• **What is being asked**
Output each record below exactly, leaving any picture out of the copy.

• **Stored data entries**

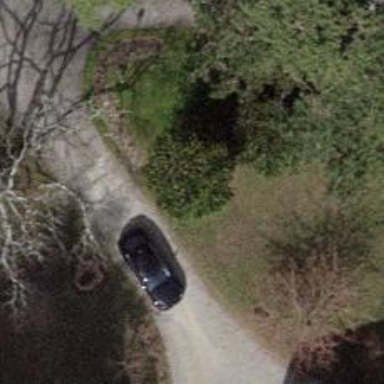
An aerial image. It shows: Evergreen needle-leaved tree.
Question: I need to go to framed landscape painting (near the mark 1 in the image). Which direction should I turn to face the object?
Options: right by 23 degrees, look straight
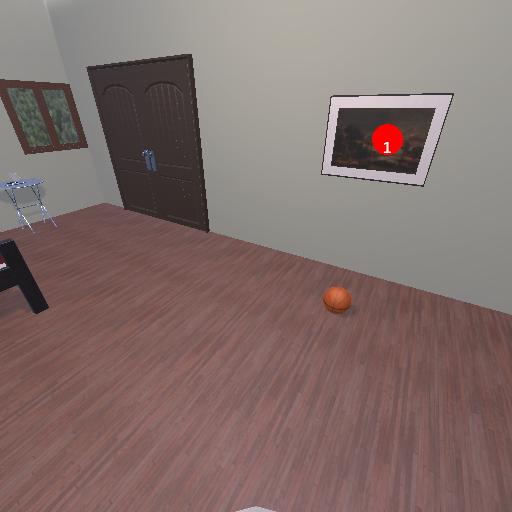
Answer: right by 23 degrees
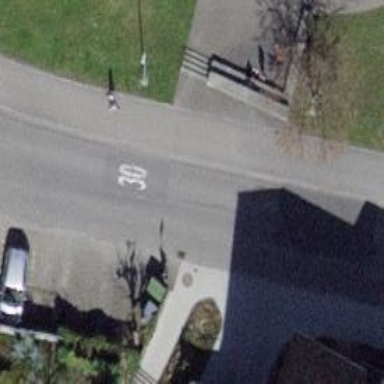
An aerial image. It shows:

• **Result**
An aerial image. It shows: Evergreen needle-leaved tree.
Question: I need to go to framed landscape painting (near the mark 1 in the image). Which direction should I turn to face the object?
Options: right by 23 degrees, look straight
Answer: right by 23 degrees
An aerial image. It shows:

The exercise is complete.